Silo and water level monitoring offers a different challenge. The devices are often very remote and usually do not have a local electricity source. It would seem obvious that a LoRa solution is perfect and sometimes it will be. But in the case of the water tank, we were asked to add EC and pH monitoring. Oops, they also wanted to monitor back pressure in the outflow line to detect leaks. I now have four LoRa devices and it is starting to look like a 3G battery powered central control unit on 4G with a solar charger is a more practical and cost effective solution.
If we aren’t talking remote, such as in the agricultural sense, then the rules are different. We can take as much data as we can generate, assuming the underlying bandwidth will cope. In a secure facility you might want to monitor every door and every access keypad and on a busy day it might generate a lot of data. Whatever the source or reason, the communication side is not really a problem but the data visualisation might be.
And here lies the next challenge. Are you dumping all that data on the client and expecting them to make head or tails from it or are you going to provide aggregation outcomes, alerts or management statistics of value? There are some very nice monitoring kits coming out of Scandinavia right now but apart from needing a genius electrician to install, you are left to design your own visualisations and set your own alerts. They also charge like a wounded bull per sensor. In itself this is quite a technical operation and if we all leave this to our prospective users to design, very few are going to get value for their trouble. Monitoring is fine but doing something sensible with that data is crucial to market acceptance.
3.            Control
By control l mean feedback. Refrigeration is a really good example. If a door is left open for too long, I want to set off an audible alarm in the building. Seed potato must be stored between 3.8C and 5.5C – too warm and it sprouts, too cold and it dies. If the temperature goes outside these limits I need to turn the unit up or down immediately, not wait for a human to respond to an SMS. (They could be at a party!) Being alerted that I have a disaster on my hands is not enough if I cannot get to unit fast enough. Even the silo solution has feedback potential. Outflow usage is slow – no problem - but when the truck is blowing the new grain in, it would be nice to know when it is nearing full so that we don’t overflow the silo. We could shut off the pump or sound a klaxon to force the onsite user to manual control.

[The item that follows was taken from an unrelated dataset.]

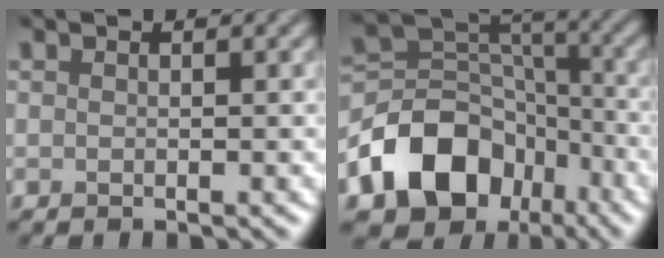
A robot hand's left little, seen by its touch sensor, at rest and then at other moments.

There is also a common scenario where once a problem arises, a technician wants to see much denser data in order to assess what parts or equipment to bring with him on the inevitable call out. Unless there is some way to proactively change the data flow out of the device, it cannot happen. This might turn a low data flow pattern temporarily into a high flow pattern. There are countless examples of this. Heating and cooling, mechanical doors, alarms, lifts, plant and machinery and many, many more. To me, it isn’t enough to just monitor data; we need to provide value back to the source and help control problem situations.
In summary, our technology choice will dictate or compromise the capability we can supply the client. It will also dramatically influence the cost and complexity of providing that service. What does the customer expect from the data? One shoe size does not fit all and unless you are going to help the client do something practical with all that data then everyone is wasting their time.